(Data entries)
━━━━━━
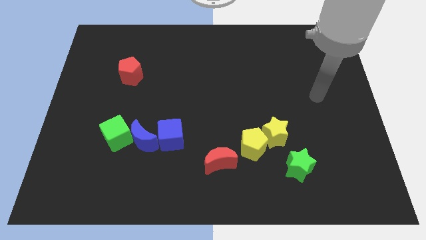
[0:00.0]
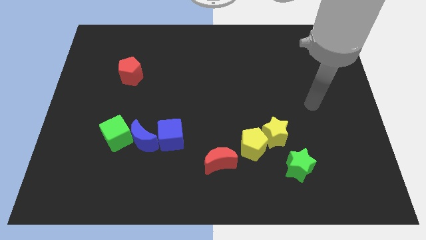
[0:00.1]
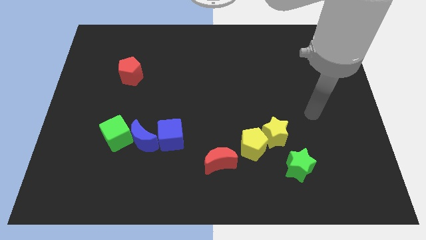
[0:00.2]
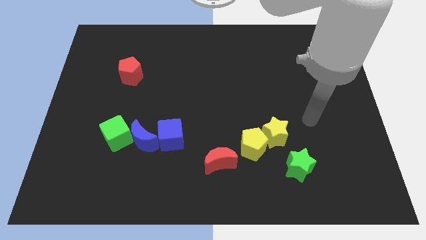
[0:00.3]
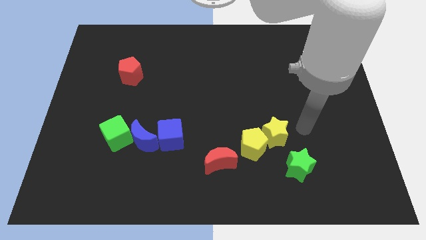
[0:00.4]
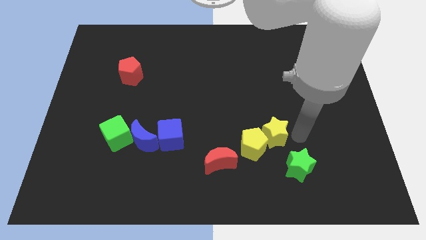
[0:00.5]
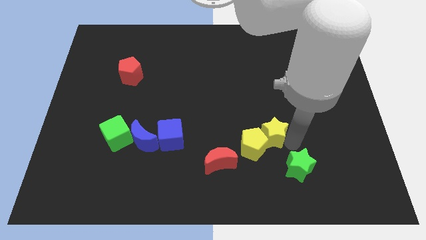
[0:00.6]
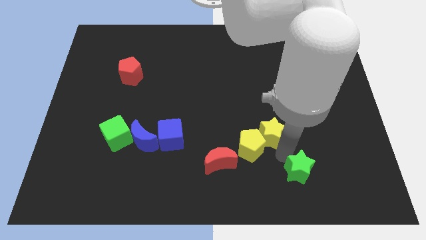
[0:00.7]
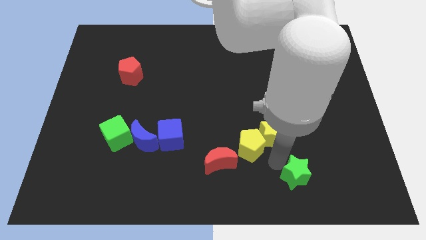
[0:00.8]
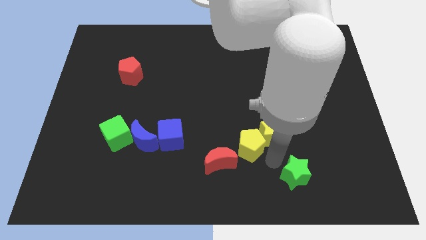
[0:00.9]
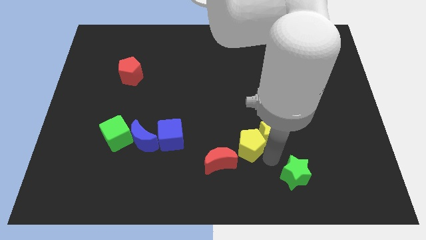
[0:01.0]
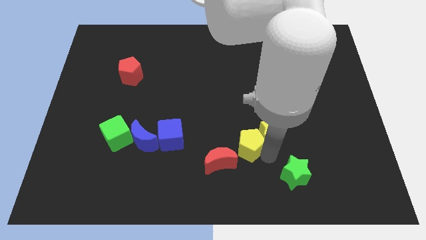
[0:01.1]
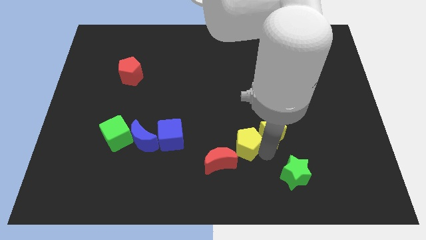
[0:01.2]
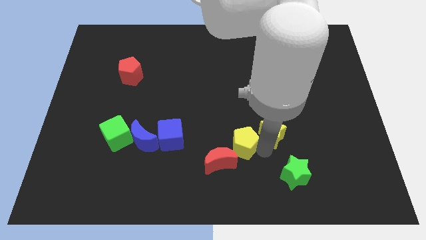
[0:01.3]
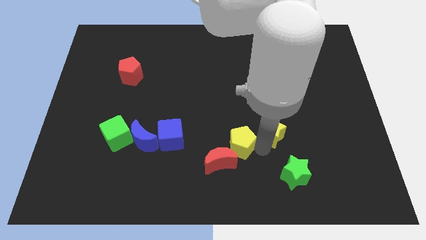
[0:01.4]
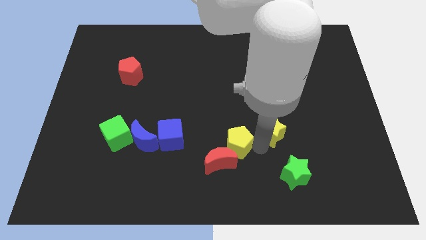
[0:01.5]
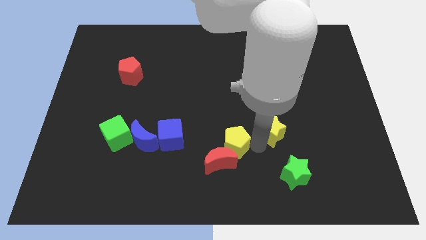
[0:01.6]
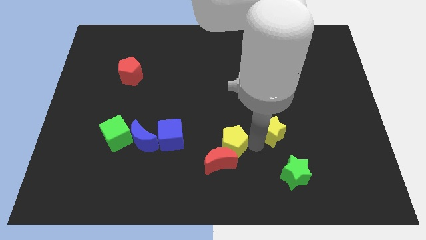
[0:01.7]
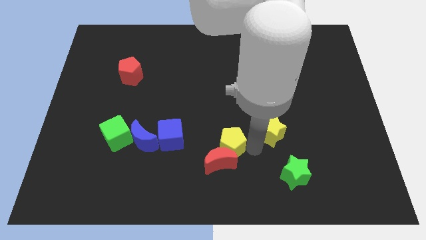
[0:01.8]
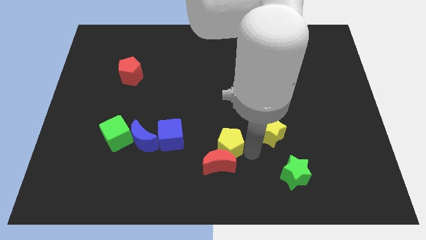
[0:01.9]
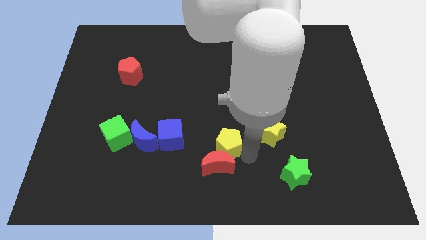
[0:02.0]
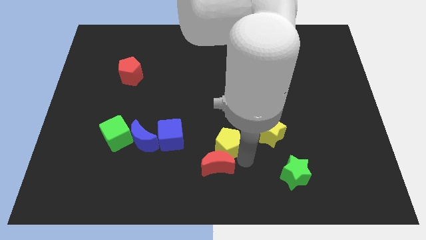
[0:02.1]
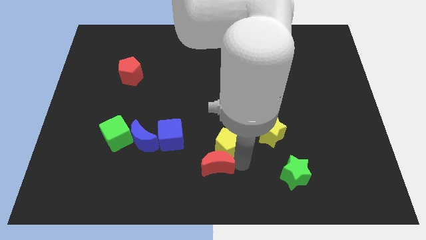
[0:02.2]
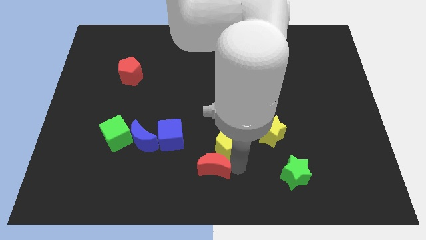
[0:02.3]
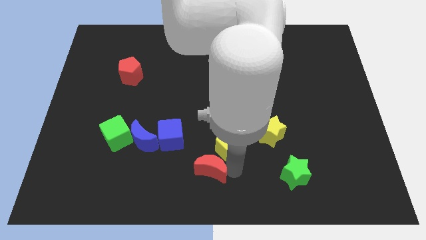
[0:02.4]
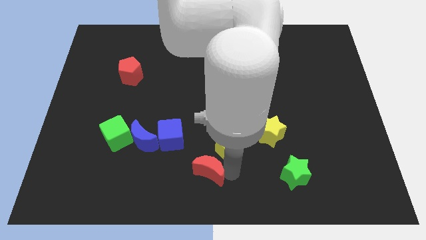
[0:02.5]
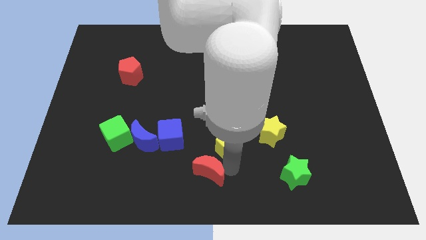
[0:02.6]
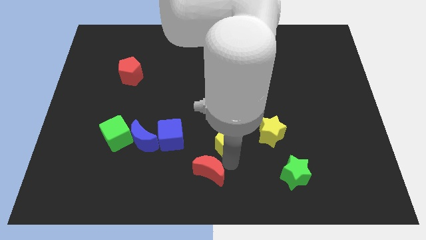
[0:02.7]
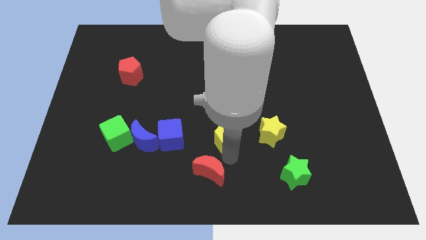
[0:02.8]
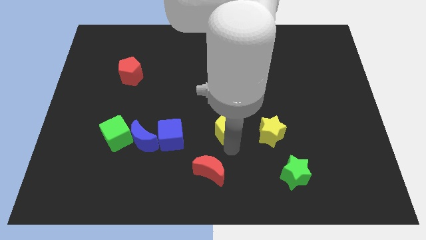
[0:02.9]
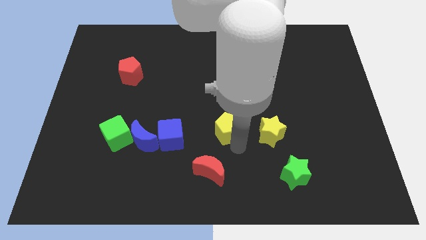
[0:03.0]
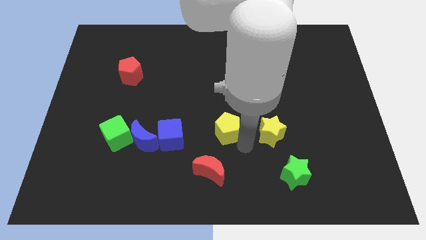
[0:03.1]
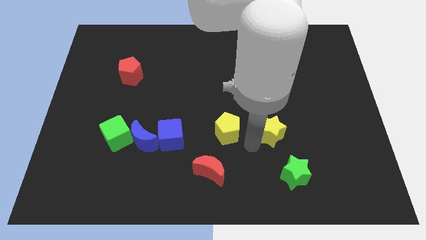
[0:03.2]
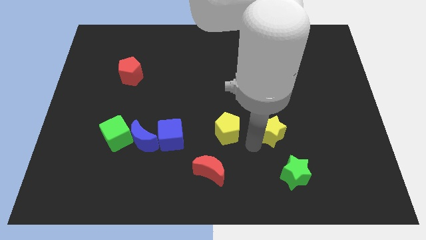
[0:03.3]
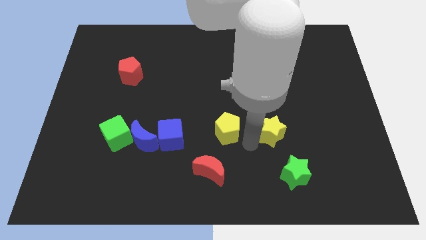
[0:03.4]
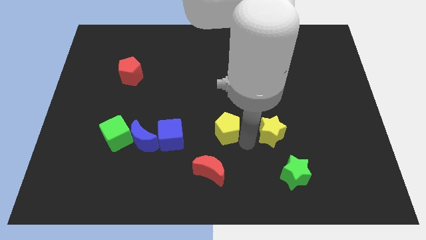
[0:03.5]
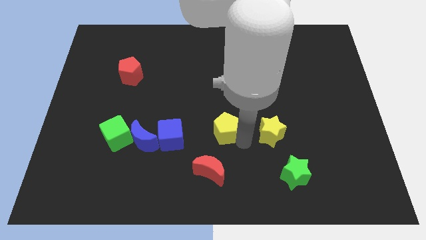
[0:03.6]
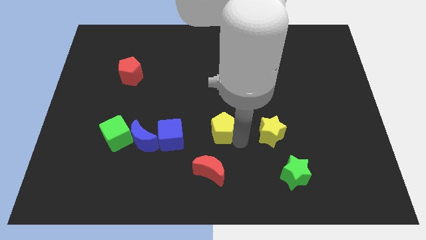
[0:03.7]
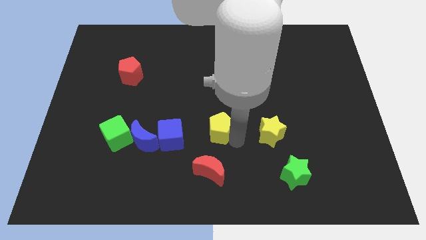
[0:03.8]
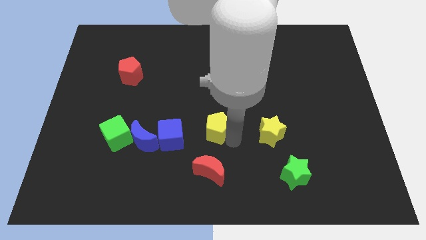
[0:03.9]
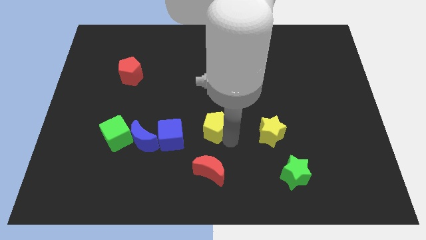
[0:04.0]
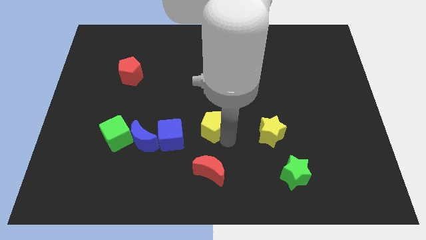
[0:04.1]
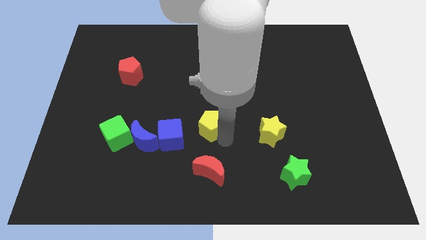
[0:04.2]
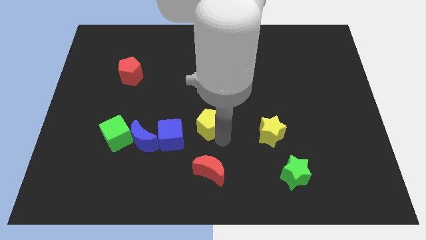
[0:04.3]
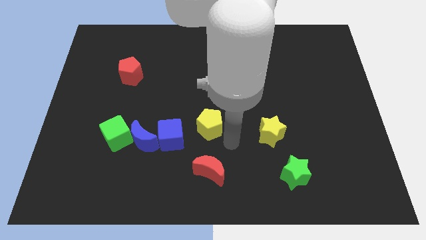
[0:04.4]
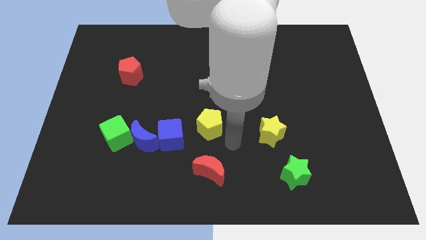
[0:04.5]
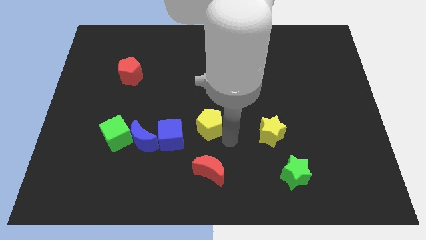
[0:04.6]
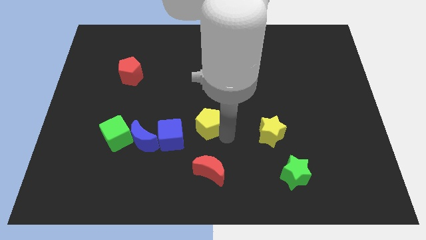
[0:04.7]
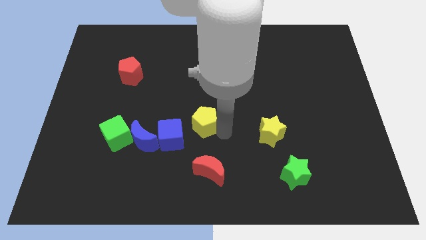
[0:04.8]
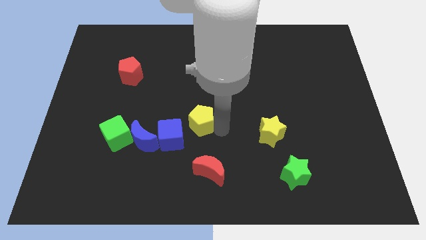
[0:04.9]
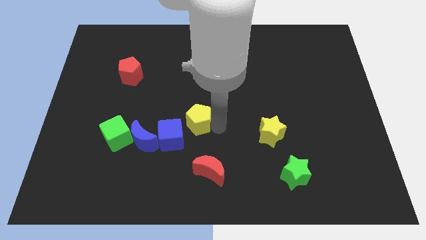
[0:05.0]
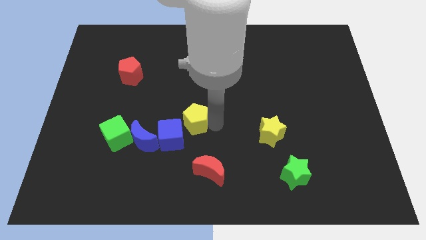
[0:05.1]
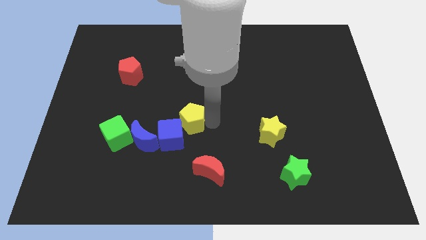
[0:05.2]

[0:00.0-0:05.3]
put the yellow pentagon to the top side of the blue cube
━━━━━━
# [WHAT TO WORK ON]
Set down every entry above verbatim, without pictures.

# [YOUR RESPONSE]
[0:00.0]
[0:00.1]
[0:00.2]
[0:00.3]
[0:00.4]
[0:00.5]
[0:00.6]
[0:00.7]
[0:00.8]
[0:00.9]
[0:01.0]
[0:01.1]
[0:01.2]
[0:01.3]
[0:01.4]
[0:01.5]
[0:01.6]
[0:01.7]
[0:01.8]
[0:01.9]
[0:02.0]
[0:02.1]
[0:02.2]
[0:02.3]
[0:02.4]
[0:02.5]
[0:02.6]
[0:02.7]
[0:02.8]
[0:02.9]
[0:03.0]
[0:03.1]
[0:03.2]
[0:03.3]
[0:03.4]
[0:03.5]
[0:03.6]
[0:03.7]
[0:03.8]
[0:03.9]
[0:04.0]
[0:04.1]
[0:04.2]
[0:04.3]
[0:04.4]
[0:04.5]
[0:04.6]
[0:04.7]
[0:04.8]
[0:04.9]
[0:05.0]
[0:05.1]
[0:05.2]

[0:00.0-0:05.3]
put the yellow pentagon to the top side of the blue cube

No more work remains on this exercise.